I have been trying for some time now to get static routing "truely" working on RHEL3 with NIC bonding and 802.1q vlan support, and nothing has worked except a hacked-up way of doing things.

First, does anyone know if RHEL3 uses /etc/sysconfig/static-routes, or /etc/sysconfig/network-scripts/route-interfacename? I have tried both, and neither seem to work in this scenario.

I think that the problem may be that the bonding and vlan configurations force you to rename your ethernet devices. So, instead of having eth0 and eth1, I actually have: bond0.130 and bond0.140 as the named ethernet devices. I have tried using both the traditional names (ethX) and the newly configured ones, and neither seem to respond that well.

Any advice, syntax examples, etc??

Thanks in advance!

baldy3105 05-12-2005 08:21 AM

Strictly speaking your static routes should be pointing to an IP address as next hop, not an interface name. The only routes pointing at interfaces should be directly connected subnets.

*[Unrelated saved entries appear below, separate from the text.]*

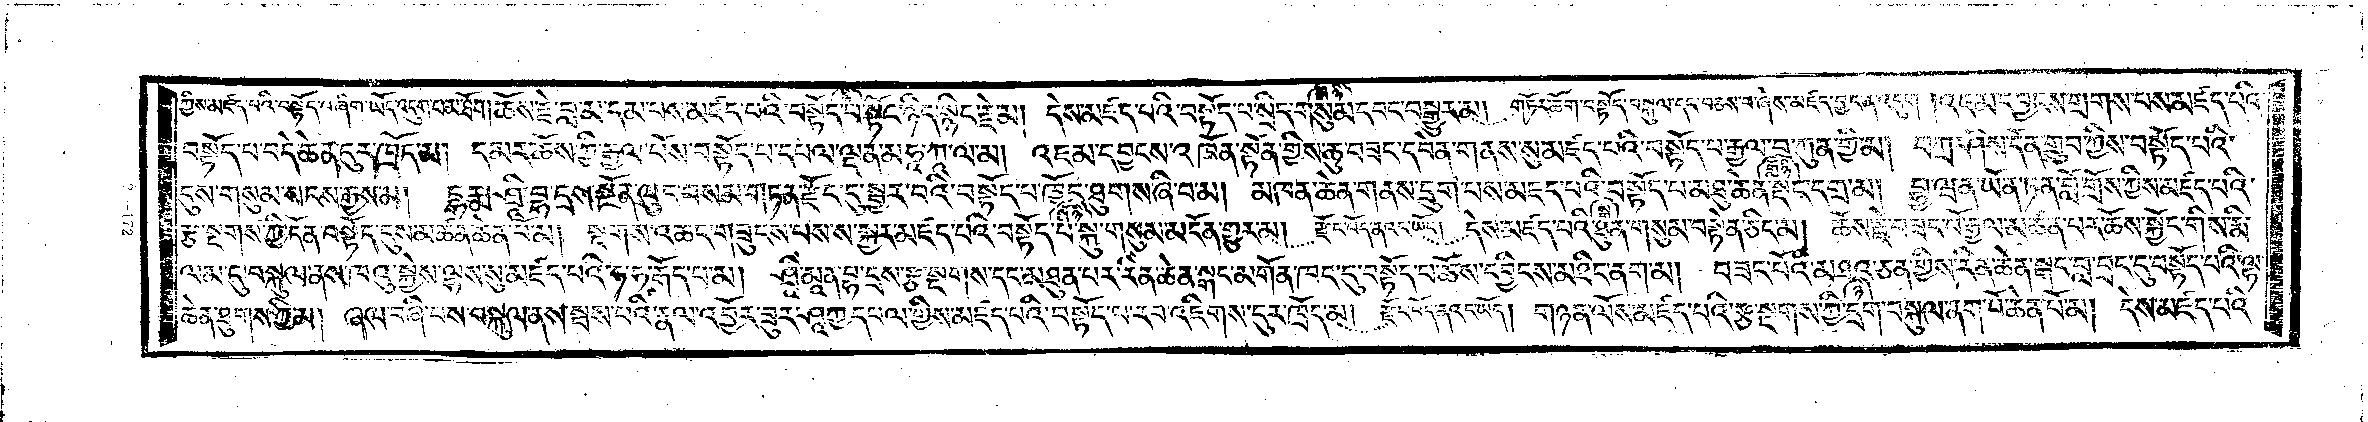ཀྱིས་མཛད་པའི་བསྟོད་པ་ཞིག་ཡོད་འདུག་བམ་ཐོབ། ཆོས་རྗེ་བླ་མ་དམ་པས་མཛད་པའི་བསྟོད་པ་སྟོང་ཉིད་སྙིང་རྗེ་མ། དེས་མཛད་པའི་བསྟོད་པ་སྲིད་གསུམ་དབང་བསྒྱུར་མ། གཏོར་ཆོག་བསྟོད་བསྐུལ་དང་བཅས་པ་ཞེས་མཛད་བྱང་ན་འདུག་།འཇམ་དབྱངས་གྲགས་པས་མཛད་པའི་
བསྟོད་པ་བདེ་ཆེན་དུར་ཁྲོད་མ། དམར་ཆོས་ཀྱི་རྒྱལ་པོས་བསྟོད་པ་དཔལ་ལྡན་མཧཱ་ཀཱ་ལ་མ། འཇམ་དབྱངས་འཁོན་སྟོན་གྱིས་ཆུ་བཟང་དབེན་གནས་སུ་མཛད་པའི་བསྟོད་པ་རྒྱལ་བ་ཀུན་གྱི་མ། བཀྲ་ཤིས་དོན་གྲུབ་ཀྱིས་བསྟོད་པའི་
དུས་གསུམ་སངས་རྒྱས་མ། དྷརྨ་ཤྲཱི་བྷ་དྲས་སྔོན་ལུང་བསམ་གཏན་རྫོང་དུ་སྦྱར་བའི་བསྟོད་པ་ཁྱོད་ཐུགས་ཞི་བ་མ། མཁན་ཆེན་གནས་དྲུག་པས་མཛད་པའི་བསྟོད་པ་མཐུ་ཆེན་སྡང་དགྲ་མ། བྷྱ་ཝན་ཡོན་ཏན་བློ་གྲོས་ཀྱིས་མཛད་པའི་
རྩ་སྔགས་ཀྱི་དོན་བསྟོད་དུས་མཚན་ཆེན་པོ་མ། སྔགས་འཆང་གཟུངས་པས་ས་སྐྱར་མཛད་པའི་བསྟོད་པ་སྐུ་གསུམ་མངོན་གྱུར་མ། རྫོང་པོད་ནའང་ཡོད།  དེས་མཛད་པའི་ཐུན་གསུམ་བསྟེན་ཅིང་མ། ཆོས་རྗེ་བཟང་པོ་རྒྱལ་མཚན་པར་ཆོས་སྐྱོང་གིས་རྨི་
ལམ་དུ་བསྐུལ་ནས་ཁའུ་སྐྱེས་ལྷས་སུ་མཛད་པའི་ཧ་ཧ་རྒོད་པ་མ། ཤྲཱི་མཱན་བྷ་དྲས་རྩ་སྔགས་དང་མཐུན་པར་རིན་ཆེན་སྒང་མགོན་ཁང་དུ་བསྟོད་པ་ཆོས་དབྱིངས་མཐིང་ནག་མ། བཟང་པོའི་མཐའ་ཅན་གྱིས་རིན་ཆེན་སྒང་བླ་བྲང་དུ་བསྟོད་པའི་ལྷ་
ཆེན་ཐུགས་ཀྱི་མ། ཞལ་བཞི་པས་བསྐུལ་ནས་སྦས་པའི་རྣལ་འབྱོར་ཟུར་ཤཱཀྱ་དཔལ་གྱིས་མཛད་པའི་བསྟོད་པ་རབ་འཇིགས་དུར་ཁྲོད་མ། རྫོང་པོད་ནའང་ཡོད།  གཉན་ལོས་མཛད་པའི་རྩ་སྔགས་ཀྱི་དྲག་བསྐུལ་ནག་པོ་ཆེན་པོ་མ། དེས་མཛད་པའི་

onewave 05-12-2005 03:40 PM

Thanks for the info.

The static routes actually are other local subnets - for example:
a 10.0.0.0 route across our back-channel from co-lo to corporate.
172.16.13.0 needs to route to 172.16.18.0, etc.

My issue is more of a configuration issue than anything I think(?), or maybe the order in which files are read at boot time.

If I do not use the bonding/vlan drivers, static routing works perfectly pointed to eth0/eth1...

baldy3105 05-13-2005 06:21 AM

When I say local I mean local to the router not the site. A router has two basic types of route. Directly connected routes and indirect or learned routes from routing protocols. Static routes are considered to be a routing protocol for this purpose.

A connected route is a network for which the router has an interface which is a member of that network, i.e. an interface configured with an IP address belonging to that subnet. The router will have routes for these networks by default as they are derived from the interfaces. Any packets destined for these networks are arped for directly.

Any route which is indirect must point at a next hop address as the router needs to arp for the mac address of the gateway. It cannot arp for the mac address of the end host as the next hop is a router and routers are layer2 domain boundaries.

If you point an indirect route at a local interface you are basically confusing the whole issue and it may or may not work as the router cannot resolve the next-hop mac address and may attempt to arp for it directly and hope to get a proxy response which may or may not arrive depending on the ip stack of the routers concerned.

Its generally a bad idea on multi-access networks. Also if you do it this way the names don't matter.

bholler 05-13-2005 07:50 AM

static route configuration detail
 
hello guys,

i am really delighted to see this thread.....but i have a small problem with static routing. i installed clarckconnect 3.0 home edition as a core router for my network with with features of DNSmasq, ip forwarding, Loadbalancing, and static route for the indirect route on the distribution router.

Can anyone kindly assist me on how to populate the static route in /etc/sysconfig/network-scripts/route-interfacename ........in a step by step guide.i have tried all that i know but the static route disappears anytime i restart the PC.


Thanking you for your quick response.